Цистерны благородного негодования вылились на бумагу. Соглашались работать даром, если надо. При условии человеческого отношения и разъяснения задачи. Макавеев подсылал к нам взрывника Ваську. И этот холуй из палатки начальства сладко пел про невозможный план, про материальную заинтересованность, про производительность труда. Выкинули мы холуя Ваську из палатки. Тогда Хыш повернул к нам ставшее несимметричным лицо и сообщил, что он не будет работать даром, но не будет и подписываться под жалобой на Макавеева. Мы скрипели зубами. О, плебейская душа, Хыш! Где, на каких километрах растерял ты остатки гордости и что в твоей темной душе осталось еще такое, что ты прямо в чугунное макавеевское лицо сказал про обман?

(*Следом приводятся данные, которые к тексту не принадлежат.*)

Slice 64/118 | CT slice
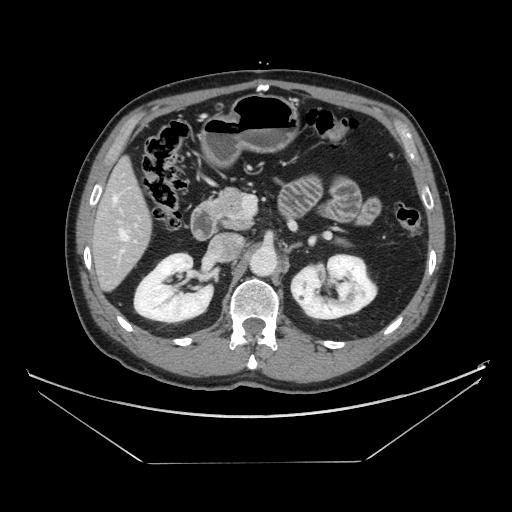 Pancreas: (x1=217, y1=188, x2=247, y2=229), (x1=336, y1=239, x2=348, y2=244).

Бумага была составлена, и семь подписей украсили ее внизу. И впервые мы легли спать, как люди, без цифр, без шуток по поводу голозадой красотки.

А утром Хыш объявил о своем согласии. В делегацию попали двое. Он – за то, что бит и знает дорогу, я – за умную кличку Гегель.

Ребята кучкой стояли у входа и молча тянули шершавые ладошки. А чуть дальше стоял идолом Макавеев. Мы прошли от него в двух шагах. Прищурил Макавеев раскосые азиатские глазки, и, черт, показалось, как что‑то человеческое мелькнуло у него на лице.

Я начинаю отставать. Кружится голова. Нервный зуд лихорадит тело. Это от комариного яда. В комариных укусах есть яд.

– Хыш, – говорю я, – я первый год, ты знаешь. Что, везде начальство такое?

– О‑о, – отвечает Хыш, – Макавеев наш прост. Он, как бык, только стенку видит, а ворот не замечает. Ты послушай…

Я слушаю рассказы о невероятной хитрости и коварстве разных типов, с которыми имел дело богатый опытом Хыш. Я забываю, что завел Хыша на разговор только ради более тихого хода. Ради моих усталых ног.

– Хыш, а ты в школе учился?

– Чудак, Гегелек. Кто же нынче не учился?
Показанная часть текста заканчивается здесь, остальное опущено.